Abstraction faite des éléments non récurrents, la perte ajustée s’est chiffrée à 137 millions US, ou 6 cents US par action, par rapport à une perte ajustée de 248 millions US, ou 11 cents US, il y a un an.

Les analystes tablaient sur des revenus de 1,3 milliard US et une perte ajustée par action de 6 cents US, selon la firme Refinitiv.

La GRC s’en mêle

C’est au tour de la Gendarmerie royale du Canada de s’intéresser à Bombardier à propos de la vente d’appareils CRJ au transporteur Garuda Indonésie survenue il y a près d’une décennie. Dans son rapport trimestriel, l’avionneur a révélé avoir reçu un avis de la police fédérale le 27 juillet à propos d’une enquête.
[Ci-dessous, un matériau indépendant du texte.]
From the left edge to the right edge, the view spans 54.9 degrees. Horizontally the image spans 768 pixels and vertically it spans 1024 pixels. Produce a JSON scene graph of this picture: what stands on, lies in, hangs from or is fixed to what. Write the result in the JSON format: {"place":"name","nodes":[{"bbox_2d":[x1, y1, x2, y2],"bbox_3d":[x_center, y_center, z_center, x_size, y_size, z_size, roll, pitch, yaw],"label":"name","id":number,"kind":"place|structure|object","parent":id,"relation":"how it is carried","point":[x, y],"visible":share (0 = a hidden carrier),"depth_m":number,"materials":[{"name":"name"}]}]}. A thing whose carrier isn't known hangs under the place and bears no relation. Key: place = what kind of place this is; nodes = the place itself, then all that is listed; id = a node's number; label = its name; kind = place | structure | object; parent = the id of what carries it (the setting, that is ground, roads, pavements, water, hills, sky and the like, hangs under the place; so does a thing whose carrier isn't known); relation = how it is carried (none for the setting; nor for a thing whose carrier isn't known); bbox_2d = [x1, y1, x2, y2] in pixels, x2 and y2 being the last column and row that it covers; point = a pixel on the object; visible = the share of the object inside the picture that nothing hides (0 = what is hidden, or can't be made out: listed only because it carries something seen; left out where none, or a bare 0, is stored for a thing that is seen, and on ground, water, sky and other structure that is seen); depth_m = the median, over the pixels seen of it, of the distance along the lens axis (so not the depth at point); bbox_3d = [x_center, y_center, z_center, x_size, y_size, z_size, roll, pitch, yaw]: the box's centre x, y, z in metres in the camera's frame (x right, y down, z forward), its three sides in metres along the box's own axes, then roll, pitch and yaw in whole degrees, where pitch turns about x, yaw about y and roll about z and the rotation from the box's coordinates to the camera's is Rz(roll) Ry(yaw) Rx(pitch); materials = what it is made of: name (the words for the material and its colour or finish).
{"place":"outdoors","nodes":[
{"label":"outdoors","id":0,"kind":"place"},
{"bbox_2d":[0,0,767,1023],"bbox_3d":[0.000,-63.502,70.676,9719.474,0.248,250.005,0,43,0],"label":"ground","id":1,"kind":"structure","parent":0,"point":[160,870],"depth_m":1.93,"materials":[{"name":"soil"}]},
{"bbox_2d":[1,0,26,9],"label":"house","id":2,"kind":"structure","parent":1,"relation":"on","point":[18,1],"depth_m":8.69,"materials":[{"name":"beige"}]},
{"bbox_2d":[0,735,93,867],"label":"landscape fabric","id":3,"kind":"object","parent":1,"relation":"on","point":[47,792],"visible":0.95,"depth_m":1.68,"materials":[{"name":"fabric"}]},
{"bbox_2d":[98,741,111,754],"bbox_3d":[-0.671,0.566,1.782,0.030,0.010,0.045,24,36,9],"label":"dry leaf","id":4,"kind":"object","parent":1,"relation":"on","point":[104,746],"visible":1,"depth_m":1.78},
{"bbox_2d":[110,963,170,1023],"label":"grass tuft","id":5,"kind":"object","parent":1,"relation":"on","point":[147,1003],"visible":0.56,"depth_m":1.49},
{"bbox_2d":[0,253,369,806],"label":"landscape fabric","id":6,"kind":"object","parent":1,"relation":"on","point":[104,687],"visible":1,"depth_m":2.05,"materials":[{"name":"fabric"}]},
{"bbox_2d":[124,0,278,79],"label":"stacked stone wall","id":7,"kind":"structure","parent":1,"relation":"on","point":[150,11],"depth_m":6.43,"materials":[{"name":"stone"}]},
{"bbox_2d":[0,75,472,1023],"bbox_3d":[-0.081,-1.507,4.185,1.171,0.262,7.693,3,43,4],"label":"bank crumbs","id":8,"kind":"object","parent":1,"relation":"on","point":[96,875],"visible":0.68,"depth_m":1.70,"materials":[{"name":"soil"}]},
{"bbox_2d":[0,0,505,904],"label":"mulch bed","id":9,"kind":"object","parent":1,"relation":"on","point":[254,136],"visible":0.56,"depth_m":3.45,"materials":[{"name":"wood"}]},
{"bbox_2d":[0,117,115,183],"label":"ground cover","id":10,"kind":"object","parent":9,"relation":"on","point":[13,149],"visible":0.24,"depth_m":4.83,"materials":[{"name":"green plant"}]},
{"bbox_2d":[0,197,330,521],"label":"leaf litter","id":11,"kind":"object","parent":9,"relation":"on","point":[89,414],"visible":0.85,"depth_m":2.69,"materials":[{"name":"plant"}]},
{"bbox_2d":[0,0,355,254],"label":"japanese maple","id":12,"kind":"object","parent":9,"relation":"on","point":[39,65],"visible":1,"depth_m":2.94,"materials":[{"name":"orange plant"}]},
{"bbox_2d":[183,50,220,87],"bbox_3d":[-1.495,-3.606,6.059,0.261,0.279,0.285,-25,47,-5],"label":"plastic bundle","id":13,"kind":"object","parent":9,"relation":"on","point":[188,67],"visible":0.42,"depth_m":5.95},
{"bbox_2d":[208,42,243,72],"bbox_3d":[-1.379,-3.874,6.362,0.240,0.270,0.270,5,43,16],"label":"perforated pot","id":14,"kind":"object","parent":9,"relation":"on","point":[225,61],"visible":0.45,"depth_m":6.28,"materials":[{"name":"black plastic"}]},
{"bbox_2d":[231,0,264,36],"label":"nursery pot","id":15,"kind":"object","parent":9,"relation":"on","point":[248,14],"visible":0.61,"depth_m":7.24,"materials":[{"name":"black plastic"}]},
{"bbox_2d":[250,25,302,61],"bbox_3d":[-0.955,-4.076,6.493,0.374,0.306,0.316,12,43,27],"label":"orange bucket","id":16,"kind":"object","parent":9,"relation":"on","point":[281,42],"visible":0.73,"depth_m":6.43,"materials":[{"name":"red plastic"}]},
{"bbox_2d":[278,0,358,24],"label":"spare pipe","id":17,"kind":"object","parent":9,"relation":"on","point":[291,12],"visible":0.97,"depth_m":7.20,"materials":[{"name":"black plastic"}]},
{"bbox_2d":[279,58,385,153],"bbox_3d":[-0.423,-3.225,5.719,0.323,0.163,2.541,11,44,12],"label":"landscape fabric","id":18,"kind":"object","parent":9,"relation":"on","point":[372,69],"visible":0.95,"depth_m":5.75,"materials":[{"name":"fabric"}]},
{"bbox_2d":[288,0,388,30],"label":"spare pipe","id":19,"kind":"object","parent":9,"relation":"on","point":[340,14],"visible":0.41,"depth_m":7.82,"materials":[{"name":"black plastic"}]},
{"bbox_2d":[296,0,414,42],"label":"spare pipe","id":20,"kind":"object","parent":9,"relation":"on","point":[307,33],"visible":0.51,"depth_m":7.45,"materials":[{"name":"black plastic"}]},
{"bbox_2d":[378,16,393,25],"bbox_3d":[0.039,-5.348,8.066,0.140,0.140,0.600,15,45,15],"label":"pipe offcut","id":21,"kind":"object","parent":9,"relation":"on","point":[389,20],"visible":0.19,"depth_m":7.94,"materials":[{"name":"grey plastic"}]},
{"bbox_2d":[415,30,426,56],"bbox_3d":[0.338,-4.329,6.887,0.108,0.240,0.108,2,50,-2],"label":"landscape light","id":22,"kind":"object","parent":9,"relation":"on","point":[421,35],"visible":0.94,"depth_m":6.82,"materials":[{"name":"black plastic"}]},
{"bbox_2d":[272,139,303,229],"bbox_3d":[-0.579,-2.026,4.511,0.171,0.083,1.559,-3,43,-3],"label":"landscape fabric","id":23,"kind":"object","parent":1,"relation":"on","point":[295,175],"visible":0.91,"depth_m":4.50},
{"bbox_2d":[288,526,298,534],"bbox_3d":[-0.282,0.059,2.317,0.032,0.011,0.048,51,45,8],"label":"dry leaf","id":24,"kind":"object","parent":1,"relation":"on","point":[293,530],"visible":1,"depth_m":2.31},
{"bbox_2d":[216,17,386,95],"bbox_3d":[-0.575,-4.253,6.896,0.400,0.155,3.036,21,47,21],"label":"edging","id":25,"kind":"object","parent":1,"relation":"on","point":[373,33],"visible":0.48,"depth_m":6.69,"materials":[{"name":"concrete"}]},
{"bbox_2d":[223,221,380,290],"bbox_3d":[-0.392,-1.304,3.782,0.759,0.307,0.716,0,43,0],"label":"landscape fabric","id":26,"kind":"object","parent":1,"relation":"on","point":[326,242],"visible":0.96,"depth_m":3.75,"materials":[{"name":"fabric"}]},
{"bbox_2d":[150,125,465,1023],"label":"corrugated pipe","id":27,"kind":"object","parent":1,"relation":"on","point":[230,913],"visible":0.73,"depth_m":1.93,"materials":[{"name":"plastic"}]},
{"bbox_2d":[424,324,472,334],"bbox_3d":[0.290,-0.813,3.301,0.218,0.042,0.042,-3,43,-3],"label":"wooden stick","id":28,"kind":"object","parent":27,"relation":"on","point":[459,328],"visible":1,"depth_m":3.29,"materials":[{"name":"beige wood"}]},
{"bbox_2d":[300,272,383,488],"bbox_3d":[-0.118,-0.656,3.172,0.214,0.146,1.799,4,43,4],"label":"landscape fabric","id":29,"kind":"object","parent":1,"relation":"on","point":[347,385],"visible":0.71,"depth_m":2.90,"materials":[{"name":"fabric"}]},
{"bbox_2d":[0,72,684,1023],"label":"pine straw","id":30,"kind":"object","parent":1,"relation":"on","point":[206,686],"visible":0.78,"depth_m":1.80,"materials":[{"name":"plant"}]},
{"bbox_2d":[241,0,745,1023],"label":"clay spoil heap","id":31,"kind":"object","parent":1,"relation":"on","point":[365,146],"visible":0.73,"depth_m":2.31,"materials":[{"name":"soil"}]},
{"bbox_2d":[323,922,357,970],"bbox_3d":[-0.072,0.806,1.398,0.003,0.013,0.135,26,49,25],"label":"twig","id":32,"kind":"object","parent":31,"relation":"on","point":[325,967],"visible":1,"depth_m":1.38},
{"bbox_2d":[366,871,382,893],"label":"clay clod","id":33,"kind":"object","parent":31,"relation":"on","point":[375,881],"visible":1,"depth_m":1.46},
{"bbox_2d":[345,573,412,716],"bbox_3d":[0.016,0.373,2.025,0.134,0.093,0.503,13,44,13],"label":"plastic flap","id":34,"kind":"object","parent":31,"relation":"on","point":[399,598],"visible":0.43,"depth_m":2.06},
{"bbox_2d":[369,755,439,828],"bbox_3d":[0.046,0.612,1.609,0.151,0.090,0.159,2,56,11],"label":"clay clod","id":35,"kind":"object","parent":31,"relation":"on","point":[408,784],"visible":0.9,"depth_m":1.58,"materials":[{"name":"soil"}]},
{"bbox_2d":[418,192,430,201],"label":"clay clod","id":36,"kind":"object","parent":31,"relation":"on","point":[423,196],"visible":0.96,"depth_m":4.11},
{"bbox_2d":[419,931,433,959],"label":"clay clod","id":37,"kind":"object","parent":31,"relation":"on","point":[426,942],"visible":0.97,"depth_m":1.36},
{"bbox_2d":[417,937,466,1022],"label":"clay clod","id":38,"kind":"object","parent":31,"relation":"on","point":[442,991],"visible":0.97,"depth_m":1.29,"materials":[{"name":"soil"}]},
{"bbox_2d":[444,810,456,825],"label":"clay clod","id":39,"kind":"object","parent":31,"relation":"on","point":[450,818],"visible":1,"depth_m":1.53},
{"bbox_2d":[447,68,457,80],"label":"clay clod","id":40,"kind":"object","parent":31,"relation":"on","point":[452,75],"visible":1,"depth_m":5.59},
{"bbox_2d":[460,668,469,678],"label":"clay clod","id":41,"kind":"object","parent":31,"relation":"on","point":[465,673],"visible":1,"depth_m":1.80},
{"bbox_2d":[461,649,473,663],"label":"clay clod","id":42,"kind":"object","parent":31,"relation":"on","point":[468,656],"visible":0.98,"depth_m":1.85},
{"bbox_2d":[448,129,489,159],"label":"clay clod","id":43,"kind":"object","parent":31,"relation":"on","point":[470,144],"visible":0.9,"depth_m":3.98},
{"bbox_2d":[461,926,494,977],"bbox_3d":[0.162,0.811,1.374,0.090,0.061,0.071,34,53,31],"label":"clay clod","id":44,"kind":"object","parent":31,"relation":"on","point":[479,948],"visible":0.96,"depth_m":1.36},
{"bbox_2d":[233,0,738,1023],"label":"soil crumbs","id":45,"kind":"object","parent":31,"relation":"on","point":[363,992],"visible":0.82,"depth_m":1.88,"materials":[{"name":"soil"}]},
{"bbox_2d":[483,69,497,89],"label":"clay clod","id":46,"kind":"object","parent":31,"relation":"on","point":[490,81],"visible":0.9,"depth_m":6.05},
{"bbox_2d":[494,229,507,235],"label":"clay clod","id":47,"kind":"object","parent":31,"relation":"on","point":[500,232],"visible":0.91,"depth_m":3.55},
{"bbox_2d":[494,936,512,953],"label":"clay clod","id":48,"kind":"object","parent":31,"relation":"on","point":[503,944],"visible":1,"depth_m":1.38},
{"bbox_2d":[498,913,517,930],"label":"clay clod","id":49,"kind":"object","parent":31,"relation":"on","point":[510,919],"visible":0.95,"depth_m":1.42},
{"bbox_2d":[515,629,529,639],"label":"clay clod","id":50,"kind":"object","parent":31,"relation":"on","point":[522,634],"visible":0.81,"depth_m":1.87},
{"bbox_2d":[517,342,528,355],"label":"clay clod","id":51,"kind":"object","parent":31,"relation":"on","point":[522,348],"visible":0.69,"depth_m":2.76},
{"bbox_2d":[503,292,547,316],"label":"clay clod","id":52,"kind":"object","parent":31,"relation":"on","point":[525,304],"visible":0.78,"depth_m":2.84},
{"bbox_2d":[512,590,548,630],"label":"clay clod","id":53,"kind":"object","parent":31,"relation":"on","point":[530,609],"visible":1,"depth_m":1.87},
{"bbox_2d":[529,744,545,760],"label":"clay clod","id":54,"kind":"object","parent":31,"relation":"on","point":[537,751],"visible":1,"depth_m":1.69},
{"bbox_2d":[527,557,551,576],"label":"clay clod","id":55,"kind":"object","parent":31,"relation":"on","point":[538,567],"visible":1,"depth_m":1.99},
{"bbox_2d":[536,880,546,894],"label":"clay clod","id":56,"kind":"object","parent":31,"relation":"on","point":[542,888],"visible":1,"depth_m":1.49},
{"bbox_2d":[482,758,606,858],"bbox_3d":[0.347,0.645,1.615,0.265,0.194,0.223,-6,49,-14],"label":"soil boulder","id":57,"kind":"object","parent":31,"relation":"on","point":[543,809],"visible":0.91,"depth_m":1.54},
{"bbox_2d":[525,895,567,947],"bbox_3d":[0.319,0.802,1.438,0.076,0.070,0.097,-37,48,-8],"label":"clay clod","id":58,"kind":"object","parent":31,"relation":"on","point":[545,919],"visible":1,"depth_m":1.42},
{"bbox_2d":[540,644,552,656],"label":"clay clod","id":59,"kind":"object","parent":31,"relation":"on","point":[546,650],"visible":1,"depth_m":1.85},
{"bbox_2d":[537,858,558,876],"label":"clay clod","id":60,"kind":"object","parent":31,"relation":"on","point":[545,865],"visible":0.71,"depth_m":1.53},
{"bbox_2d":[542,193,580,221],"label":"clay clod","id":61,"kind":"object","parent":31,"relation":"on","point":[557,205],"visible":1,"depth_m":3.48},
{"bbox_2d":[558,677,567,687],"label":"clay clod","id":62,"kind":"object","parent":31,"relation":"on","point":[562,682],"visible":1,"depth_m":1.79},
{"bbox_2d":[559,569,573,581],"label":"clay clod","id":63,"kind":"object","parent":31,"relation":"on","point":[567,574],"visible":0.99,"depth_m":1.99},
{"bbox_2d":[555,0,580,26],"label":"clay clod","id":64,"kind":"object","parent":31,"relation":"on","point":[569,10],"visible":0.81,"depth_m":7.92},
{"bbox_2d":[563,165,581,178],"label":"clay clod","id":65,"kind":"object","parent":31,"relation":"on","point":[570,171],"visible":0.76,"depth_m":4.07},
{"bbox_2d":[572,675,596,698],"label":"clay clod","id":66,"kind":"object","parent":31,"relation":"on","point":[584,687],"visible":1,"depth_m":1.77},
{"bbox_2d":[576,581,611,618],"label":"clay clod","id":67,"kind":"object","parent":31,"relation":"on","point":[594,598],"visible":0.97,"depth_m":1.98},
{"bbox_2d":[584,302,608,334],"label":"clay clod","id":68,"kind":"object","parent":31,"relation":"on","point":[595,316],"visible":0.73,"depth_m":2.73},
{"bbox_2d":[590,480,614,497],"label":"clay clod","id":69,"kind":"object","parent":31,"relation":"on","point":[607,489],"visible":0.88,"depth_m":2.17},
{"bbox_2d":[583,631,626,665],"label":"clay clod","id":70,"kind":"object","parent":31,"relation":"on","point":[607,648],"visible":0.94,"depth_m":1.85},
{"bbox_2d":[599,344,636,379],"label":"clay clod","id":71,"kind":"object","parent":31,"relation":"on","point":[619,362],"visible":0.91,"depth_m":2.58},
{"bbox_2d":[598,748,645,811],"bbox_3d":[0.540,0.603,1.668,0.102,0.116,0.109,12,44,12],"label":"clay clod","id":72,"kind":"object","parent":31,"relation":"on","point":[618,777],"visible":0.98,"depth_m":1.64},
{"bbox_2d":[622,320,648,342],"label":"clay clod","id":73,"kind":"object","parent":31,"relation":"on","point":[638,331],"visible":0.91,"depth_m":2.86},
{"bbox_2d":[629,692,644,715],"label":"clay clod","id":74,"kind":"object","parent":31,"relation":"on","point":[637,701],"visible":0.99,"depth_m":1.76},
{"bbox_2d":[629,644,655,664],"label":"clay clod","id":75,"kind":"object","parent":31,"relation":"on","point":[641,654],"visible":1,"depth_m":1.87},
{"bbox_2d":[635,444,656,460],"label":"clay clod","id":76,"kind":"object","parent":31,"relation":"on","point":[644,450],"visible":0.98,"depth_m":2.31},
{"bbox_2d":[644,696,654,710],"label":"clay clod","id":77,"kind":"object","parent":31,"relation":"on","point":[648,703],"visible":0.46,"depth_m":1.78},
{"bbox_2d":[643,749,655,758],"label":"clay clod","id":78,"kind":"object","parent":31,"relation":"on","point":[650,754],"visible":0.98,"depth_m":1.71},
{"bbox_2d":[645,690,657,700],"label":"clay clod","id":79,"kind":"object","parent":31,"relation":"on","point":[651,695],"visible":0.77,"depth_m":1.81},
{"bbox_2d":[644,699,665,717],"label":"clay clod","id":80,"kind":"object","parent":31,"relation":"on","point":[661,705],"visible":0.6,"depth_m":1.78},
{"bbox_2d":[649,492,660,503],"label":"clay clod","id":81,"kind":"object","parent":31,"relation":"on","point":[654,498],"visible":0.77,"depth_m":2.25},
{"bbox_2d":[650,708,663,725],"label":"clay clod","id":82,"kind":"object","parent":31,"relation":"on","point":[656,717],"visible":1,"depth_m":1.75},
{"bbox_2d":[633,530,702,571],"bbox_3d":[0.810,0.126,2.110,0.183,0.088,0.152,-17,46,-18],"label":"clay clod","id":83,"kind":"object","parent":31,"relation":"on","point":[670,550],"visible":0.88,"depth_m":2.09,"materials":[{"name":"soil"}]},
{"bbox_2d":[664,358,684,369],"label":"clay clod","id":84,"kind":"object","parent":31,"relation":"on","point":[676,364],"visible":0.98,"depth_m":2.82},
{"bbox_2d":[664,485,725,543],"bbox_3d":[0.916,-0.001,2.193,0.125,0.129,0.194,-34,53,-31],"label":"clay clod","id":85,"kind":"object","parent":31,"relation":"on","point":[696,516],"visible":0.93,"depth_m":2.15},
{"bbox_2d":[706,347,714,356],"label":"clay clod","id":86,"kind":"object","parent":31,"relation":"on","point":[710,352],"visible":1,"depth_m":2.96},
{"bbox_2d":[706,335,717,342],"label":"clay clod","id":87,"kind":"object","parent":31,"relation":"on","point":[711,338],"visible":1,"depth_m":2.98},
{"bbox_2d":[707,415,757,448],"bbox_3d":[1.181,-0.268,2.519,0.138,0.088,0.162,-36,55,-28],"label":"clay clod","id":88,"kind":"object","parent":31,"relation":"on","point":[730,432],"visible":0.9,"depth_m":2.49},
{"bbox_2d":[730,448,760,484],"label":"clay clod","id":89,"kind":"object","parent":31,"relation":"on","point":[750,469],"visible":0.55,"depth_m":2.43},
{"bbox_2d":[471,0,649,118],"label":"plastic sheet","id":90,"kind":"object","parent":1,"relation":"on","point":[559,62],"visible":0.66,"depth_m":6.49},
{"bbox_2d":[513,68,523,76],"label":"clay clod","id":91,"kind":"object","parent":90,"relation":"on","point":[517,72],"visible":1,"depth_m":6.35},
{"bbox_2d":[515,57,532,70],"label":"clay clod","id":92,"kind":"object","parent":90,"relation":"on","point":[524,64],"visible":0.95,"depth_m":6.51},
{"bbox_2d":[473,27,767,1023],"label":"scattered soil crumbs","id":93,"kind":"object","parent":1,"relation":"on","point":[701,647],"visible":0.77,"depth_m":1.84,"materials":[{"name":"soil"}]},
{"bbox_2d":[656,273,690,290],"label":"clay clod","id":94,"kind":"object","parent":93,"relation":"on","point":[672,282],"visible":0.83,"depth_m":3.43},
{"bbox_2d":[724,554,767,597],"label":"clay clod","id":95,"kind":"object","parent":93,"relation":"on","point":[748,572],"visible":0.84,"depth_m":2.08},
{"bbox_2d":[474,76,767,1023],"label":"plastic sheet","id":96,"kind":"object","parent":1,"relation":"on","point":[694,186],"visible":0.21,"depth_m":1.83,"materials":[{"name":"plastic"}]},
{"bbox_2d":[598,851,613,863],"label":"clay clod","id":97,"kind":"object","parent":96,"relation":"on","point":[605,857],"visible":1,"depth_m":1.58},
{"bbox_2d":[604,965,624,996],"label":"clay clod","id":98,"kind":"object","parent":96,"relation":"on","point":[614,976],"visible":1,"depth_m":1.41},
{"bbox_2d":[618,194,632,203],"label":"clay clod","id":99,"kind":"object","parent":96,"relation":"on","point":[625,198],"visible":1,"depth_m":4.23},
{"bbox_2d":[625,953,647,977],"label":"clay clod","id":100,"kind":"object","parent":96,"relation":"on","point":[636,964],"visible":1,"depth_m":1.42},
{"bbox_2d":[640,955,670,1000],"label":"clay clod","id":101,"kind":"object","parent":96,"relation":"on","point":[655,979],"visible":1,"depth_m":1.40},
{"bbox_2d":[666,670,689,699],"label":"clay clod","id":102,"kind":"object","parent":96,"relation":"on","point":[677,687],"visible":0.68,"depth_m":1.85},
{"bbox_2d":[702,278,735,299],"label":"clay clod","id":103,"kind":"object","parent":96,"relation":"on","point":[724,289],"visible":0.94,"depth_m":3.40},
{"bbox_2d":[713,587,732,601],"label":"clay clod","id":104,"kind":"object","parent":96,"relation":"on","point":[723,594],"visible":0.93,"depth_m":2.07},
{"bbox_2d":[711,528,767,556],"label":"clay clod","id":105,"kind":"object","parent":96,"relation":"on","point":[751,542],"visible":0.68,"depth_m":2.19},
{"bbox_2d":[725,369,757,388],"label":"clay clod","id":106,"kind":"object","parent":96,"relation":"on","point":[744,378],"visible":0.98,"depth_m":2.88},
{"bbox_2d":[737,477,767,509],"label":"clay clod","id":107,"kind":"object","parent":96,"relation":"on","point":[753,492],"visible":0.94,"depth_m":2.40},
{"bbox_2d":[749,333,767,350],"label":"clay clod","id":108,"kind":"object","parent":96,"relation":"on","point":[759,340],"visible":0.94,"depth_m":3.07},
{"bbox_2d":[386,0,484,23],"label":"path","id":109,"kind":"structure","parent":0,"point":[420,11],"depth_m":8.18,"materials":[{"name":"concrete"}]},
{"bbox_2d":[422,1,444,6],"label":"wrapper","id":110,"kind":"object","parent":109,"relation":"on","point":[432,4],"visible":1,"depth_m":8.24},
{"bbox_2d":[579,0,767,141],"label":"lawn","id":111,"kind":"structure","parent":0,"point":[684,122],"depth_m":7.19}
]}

L’entreprise n’a pas donné de détails, mais a assuré qu’elle collaborerait. « On va s’assurer de donner aux autorités tout ce qui est nécessaire », a dit M. Martel, qui n’a pas voulu se prononcer davantage. Bombardier est déjà sous la loupe des autorités britanniques et du département américain de la Justice dans cette affaire. L’ex-chef de la direction de Garuda Emirsyah Satar et un collaborateur ont été condamnés par un tribunal indonésien en mai 2020 pour corruption et blanchiment d’argent lors de l’achat d’avion auprès d’Airbus et de moteurs Rolls-Royce. L’ancien dirigeant du transporteur asiatique a été condamné à huit années d’emprisonnement et à une amende de 1,4 million US. Garuda avait loué 18 CRJ 1000 à une société danoise, qui avait acheté les appareils à Bombardier à compter de 2012. Le programme CRJ appartient maintenant à Mitsubishi.